We are facing frequent node disconnects with the error message "master not discovered yet: have discovered "
Below are the exceptions we are seeing in the logs.
#1
[2022-09-22T14:15:26,336][WARN ][o.o.c.c.ClusterFormationFailureHelper] [data1] master not discovered yet: have discovered []; discovery will continue using [] from hosts providers and [**] from last-known cluster state; node term 6, last-accepted version 51 in term 6
#2
[2022-09-19T14:09:45,820][DEBUG][o.o.c.c.LeaderChecker ] [] 1 consecutive failures (limit [cluster.fault_detection.leader_check.retry_count] is 3) with leader []
org.opensearch.transport.RemoteTransportException: [][internal:coordination/fault_detection/leader_check]
Caused by: org.opensearch.cluster.coordination.CoordinationStateRejectedException: rejecting leader check since [] has been removed from the cluster
#3
[2022-09-19T14:09:46,825][DEBUG][o.o.c.c.LeaderChecker ] [] 2 consecutive failures (limit [cluster.fault_detection.leader_check.retry_count] is 3) with leader []
org.opensearch.transport.RemoteTransportException: [][internal:coordination/fault_detection/leader_check]
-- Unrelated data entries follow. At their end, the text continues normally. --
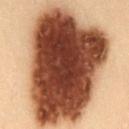Assessment: The lesion was photographed on a routine skin check and not biopsied; there is no pathology result. Background: This is a cross-polarized tile. A male patient, aged 53–57. A 15 mm close-up tile from a total-body photography series done for melanoma screening. The lesion's longest dimension is about 13.5 mm. The lesion is on the abdomen. Automated image analysis of the tile measured a lesion-detection confidence of about 100/100.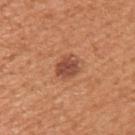Assessment: Captured during whole-body skin photography for melanoma surveillance; the lesion was not biopsied. Clinical summary: The patient is a male roughly 55 years of age. Measured at roughly 3 mm in maximum diameter. Automated image analysis of the tile measured a lesion area of about 6 mm² and two-axis asymmetry of about 0.15. And it measured a mean CIELAB color near L≈49 a*≈26 b*≈32, roughly 11 lightness units darker than nearby skin, and a normalized border contrast of about 8.5. It also reported a detector confidence of about 100 out of 100 that the crop contains a lesion. From the upper back. This is a white-light tile. A lesion tile, about 15 mm wide, cut from a 3D total-body photograph.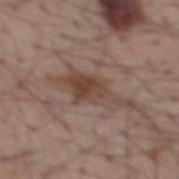No biopsy was performed on this lesion — it was imaged during a full skin examination and was not determined to be concerning. The lesion is on the mid back. The subject is a male aged 58 to 62. A roughly 15 mm field-of-view crop from a total-body skin photograph. Captured under white-light illumination.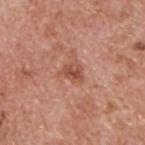Assessment: No biopsy was performed on this lesion — it was imaged during a full skin examination and was not determined to be concerning. Context: Automated image analysis of the tile measured a border-irregularity index near 3.5/10, internal color variation of about 3.5 on a 0–10 scale, and radial color variation of about 1.5. Cropped from a whole-body photographic skin survey; the tile spans about 15 mm. About 3 mm across. Located on the upper back. This is a white-light tile. A male patient aged approximately 60.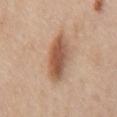This lesion was catalogued during total-body skin photography and was not selected for biopsy. The subject is a male aged approximately 60. Located on the mid back. This image is a 15 mm lesion crop taken from a total-body photograph. Approximately 5 mm at its widest.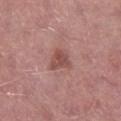Background: This image is a 15 mm lesion crop taken from a total-body photograph. The total-body-photography lesion software estimated an average lesion color of about L≈49 a*≈24 b*≈23 (CIELAB), a lesion–skin lightness drop of about 10, and a normalized lesion–skin contrast near 7. And it measured an automated nevus-likeness rating near 15 out of 100 and lesion-presence confidence of about 100/100. Imaged with white-light lighting. The lesion is located on the right lower leg. The patient is a male in their mid-50s. About 3 mm across.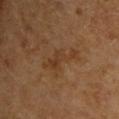– biopsy status — total-body-photography surveillance lesion; no biopsy
– automated lesion analysis — a footprint of about 8 mm², an outline eccentricity of about 0.9 (0 = round, 1 = elongated), and a shape-asymmetry score of about 0.45 (0 = symmetric); a classifier nevus-likeness of about 0/100
– body site — the upper back
– image source — ~15 mm crop, total-body skin-cancer survey
– tile lighting — cross-polarized
– patient — male, about 65 years old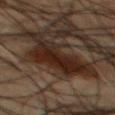<lesion>
  <biopsy_status>not biopsied; imaged during a skin examination</biopsy_status>
  <automated_metrics>
    <eccentricity>0.75</eccentricity>
    <cielab_L>17</cielab_L>
    <cielab_a>13</cielab_a>
    <cielab_b>18</cielab_b>
    <vs_skin_darker_L>8.0</vs_skin_darker_L>
    <vs_skin_contrast_norm>11.0</vs_skin_contrast_norm>
    <border_irregularity_0_10>6.0</border_irregularity_0_10>
    <color_variation_0_10>4.0</color_variation_0_10>
  </automated_metrics>
  <lesion_size>
    <long_diameter_mm_approx>7.5</long_diameter_mm_approx>
  </lesion_size>
  <image>
    <source>total-body photography crop</source>
    <field_of_view_mm>15</field_of_view_mm>
  </image>
  <patient>
    <sex>male</sex>
    <age_approx>50</age_approx>
  </patient>
  <site>mid back</site>
  <lighting>cross-polarized</lighting>
</lesion>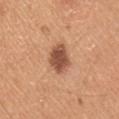biopsy status = total-body-photography surveillance lesion; no biopsy
imaging modality = ~15 mm tile from a whole-body skin photo
subject = male, about 20 years old
image-analysis metrics = an average lesion color of about L≈52 a*≈23 b*≈32 (CIELAB), about 15 CIELAB-L* units darker than the surrounding skin, and a normalized lesion–skin contrast near 10; border irregularity of about 2 on a 0–10 scale, internal color variation of about 3 on a 0–10 scale, and peripheral color asymmetry of about 1
anatomic site = the right upper arm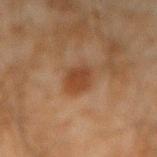diameter = ≈3.5 mm
patient = male, aged 43–47
TBP lesion metrics = an average lesion color of about L≈35 a*≈19 b*≈29 (CIELAB) and roughly 8 lightness units darker than nearby skin; border irregularity of about 2 on a 0–10 scale, internal color variation of about 2.5 on a 0–10 scale, and a peripheral color-asymmetry measure near 1
anatomic site = the arm
illumination = cross-polarized
acquisition = ~15 mm crop, total-body skin-cancer survey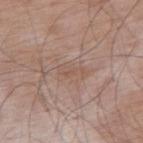No biopsy was performed on this lesion — it was imaged during a full skin examination and was not determined to be concerning.
The lesion is on the right upper arm.
A 15 mm crop from a total-body photograph taken for skin-cancer surveillance.
The lesion-visualizer software estimated an automated nevus-likeness rating near 0 out of 100 and lesion-presence confidence of about 100/100.
The tile uses white-light illumination.
The subject is a male about 75 years old.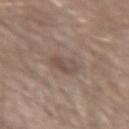Part of a total-body skin-imaging series; this lesion was reviewed on a skin check and was not flagged for biopsy.
The subject is a male about 30 years old.
The lesion is located on the left forearm.
A lesion tile, about 15 mm wide, cut from a 3D total-body photograph.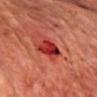The lesion was photographed on a routine skin check and not biopsied; there is no pathology result.
A 15 mm crop from a total-body photograph taken for skin-cancer surveillance.
From the chest.
A male patient, in their 60s.
Automated image analysis of the tile measured an area of roughly 7 mm², an outline eccentricity of about 0.6 (0 = round, 1 = elongated), and two-axis asymmetry of about 0.25. The software also gave roughly 13 lightness units darker than nearby skin and a normalized border contrast of about 10.5. The analysis additionally found a border-irregularity index near 2.5/10 and peripheral color asymmetry of about 2. The software also gave a nevus-likeness score of about 0/100 and lesion-presence confidence of about 100/100.
The tile uses cross-polarized illumination.
Measured at roughly 3.5 mm in maximum diameter.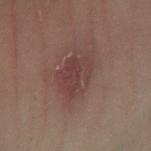Q: What kind of image is this?
A: 15 mm crop, total-body photography
Q: Lesion location?
A: the left leg
Q: How was the tile lit?
A: cross-polarized
Q: Who is the patient?
A: female, approximately 30 years of age
Q: Lesion size?
A: ≈5 mm
Q: What did automated image analysis measure?
A: a border-irregularity index near 2/10 and a peripheral color-asymmetry measure near 1

Caused by: org.opensearch.cluster.coordination.CoordinationStateRejectedException: rejecting leader check since [] has been removed from the cluster
#4
[2022-09-19T13:29:00,783][WARN ][o.o.c.c.JoinHelper ] [] last failed join attempt was 5.8s ago, failed to join {} with JoinRequest{sourceNode=, minimumTerm=24, optionalJoin=Optional[Join{term=24, lastAcceptedTerm=0, lastAcceptedVersion=0, sourceNode={shard_indexing_pressure_enabled=true}, targetNode={}
org.opensearch.transport.RemoteTransportException: [][internal:cluster/coordination/join]
Caused by: org.opensearch.transport.ConnectTransportException: [**] general node connection failure
Oh boi there has to be a lot to unfold, can you share your opensearch.yml configuration?
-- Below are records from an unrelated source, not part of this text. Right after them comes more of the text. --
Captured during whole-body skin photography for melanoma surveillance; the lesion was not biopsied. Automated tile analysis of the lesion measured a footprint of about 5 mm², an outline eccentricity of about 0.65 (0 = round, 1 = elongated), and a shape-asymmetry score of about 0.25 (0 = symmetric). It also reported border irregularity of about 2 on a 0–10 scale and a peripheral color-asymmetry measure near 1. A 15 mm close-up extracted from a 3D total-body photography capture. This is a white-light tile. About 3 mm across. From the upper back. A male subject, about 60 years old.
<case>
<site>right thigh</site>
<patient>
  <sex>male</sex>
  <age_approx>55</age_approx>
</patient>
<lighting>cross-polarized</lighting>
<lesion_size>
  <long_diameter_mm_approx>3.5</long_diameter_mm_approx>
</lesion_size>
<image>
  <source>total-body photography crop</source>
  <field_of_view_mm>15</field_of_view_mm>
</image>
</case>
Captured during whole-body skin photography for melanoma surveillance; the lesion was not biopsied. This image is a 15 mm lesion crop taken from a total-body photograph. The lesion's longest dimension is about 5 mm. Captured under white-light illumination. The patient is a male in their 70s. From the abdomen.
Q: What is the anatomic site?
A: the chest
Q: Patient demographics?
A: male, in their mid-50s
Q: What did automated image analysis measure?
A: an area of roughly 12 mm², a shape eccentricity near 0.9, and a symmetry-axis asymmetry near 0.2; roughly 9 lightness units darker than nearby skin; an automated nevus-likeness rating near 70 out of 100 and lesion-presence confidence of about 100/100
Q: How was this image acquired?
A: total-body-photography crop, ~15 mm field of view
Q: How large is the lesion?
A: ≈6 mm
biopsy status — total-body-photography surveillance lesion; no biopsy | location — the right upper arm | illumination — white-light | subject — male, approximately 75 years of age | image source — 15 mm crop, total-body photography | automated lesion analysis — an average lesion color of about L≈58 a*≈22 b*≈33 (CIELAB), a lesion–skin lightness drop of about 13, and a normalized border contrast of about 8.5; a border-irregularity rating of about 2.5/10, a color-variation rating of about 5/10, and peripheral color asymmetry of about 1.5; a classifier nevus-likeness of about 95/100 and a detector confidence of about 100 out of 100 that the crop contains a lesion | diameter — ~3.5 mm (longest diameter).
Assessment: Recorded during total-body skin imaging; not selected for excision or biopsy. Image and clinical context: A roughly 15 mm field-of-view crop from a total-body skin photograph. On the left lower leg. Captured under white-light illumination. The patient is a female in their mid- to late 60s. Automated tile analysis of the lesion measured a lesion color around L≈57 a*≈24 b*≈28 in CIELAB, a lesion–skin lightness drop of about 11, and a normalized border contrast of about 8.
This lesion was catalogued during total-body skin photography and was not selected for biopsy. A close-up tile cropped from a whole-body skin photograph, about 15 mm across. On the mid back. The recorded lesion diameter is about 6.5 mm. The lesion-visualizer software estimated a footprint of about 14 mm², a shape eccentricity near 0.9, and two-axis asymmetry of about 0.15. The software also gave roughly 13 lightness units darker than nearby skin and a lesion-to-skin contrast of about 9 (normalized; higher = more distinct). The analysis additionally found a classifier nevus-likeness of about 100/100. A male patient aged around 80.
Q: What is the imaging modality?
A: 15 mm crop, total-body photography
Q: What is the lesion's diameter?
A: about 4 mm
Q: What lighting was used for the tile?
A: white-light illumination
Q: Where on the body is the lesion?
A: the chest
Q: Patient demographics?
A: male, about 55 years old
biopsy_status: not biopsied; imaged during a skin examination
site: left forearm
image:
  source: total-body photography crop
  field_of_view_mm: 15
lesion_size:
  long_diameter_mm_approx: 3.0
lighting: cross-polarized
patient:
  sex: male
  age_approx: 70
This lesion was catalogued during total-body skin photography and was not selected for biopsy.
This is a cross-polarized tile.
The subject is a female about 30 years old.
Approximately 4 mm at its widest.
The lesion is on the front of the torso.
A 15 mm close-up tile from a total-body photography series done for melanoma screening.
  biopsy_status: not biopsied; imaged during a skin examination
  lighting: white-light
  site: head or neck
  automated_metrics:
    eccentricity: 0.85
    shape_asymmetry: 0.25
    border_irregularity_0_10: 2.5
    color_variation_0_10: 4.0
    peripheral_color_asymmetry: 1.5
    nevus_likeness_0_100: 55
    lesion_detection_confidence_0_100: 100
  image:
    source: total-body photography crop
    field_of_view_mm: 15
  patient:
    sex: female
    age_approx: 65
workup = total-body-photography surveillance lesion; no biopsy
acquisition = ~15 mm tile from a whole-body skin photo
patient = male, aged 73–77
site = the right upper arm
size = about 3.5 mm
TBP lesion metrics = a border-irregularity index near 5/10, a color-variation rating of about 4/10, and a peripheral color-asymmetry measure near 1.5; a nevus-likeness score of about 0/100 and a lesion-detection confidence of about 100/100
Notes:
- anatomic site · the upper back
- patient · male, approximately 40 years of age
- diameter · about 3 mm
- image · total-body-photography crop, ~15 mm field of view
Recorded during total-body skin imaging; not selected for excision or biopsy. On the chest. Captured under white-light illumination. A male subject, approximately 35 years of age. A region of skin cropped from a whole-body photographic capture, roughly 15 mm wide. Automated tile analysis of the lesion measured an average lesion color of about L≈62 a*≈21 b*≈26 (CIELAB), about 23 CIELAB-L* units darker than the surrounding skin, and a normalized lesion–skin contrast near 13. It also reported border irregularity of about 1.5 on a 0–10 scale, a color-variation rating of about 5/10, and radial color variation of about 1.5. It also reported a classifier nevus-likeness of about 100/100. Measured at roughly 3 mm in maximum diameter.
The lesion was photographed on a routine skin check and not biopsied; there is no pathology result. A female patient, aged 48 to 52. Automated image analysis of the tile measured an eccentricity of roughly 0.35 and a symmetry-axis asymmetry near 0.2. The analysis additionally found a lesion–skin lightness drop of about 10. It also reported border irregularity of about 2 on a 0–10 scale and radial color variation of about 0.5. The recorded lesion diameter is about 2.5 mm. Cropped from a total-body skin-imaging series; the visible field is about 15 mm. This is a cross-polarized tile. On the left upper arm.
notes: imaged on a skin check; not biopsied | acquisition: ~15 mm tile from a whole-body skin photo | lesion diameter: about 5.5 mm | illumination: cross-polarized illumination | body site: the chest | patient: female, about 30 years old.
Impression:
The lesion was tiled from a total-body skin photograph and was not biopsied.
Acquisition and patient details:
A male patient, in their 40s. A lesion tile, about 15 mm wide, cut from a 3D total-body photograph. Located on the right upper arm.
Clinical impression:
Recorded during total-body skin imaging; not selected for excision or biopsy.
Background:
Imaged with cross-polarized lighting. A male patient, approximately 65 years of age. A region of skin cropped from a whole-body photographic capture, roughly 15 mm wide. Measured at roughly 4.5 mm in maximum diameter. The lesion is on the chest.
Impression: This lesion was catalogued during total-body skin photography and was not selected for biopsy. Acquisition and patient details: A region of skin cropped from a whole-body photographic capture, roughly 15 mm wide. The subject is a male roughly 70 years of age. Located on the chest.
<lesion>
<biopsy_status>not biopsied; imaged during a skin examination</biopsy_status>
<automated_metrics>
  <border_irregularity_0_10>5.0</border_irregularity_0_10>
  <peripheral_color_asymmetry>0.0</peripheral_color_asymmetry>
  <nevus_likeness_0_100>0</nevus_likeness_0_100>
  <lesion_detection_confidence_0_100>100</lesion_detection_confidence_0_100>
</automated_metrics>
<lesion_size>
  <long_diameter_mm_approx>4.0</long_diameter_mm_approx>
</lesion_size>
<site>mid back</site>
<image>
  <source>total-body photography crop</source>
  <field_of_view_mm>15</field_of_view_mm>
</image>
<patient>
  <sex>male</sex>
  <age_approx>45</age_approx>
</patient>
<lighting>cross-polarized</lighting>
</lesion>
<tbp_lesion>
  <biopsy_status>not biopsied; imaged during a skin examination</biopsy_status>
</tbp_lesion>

Also note you have to update configuration files (whatever the change) on every master node when working with opensearch as a service type of cluster.
Hey, I was off the grid for quite some time in Opensearch comunity. @datapal
By any chance do you have every node’s IP or DNS in discovery.seed_hosts section? (It has to be copied for every host opensearch.yml configuration Creating a cluster - OpenSearch documentation)
The problem with running as a service is, that every master node (in my case i did it for every node) has to have IP’s or domain names of nodes they need to form cluster with.
I have provided the service names in the discovery.seed_hosts section. In my case, the issue seems to be with the docker network as I am setting up the cluster on Swarm.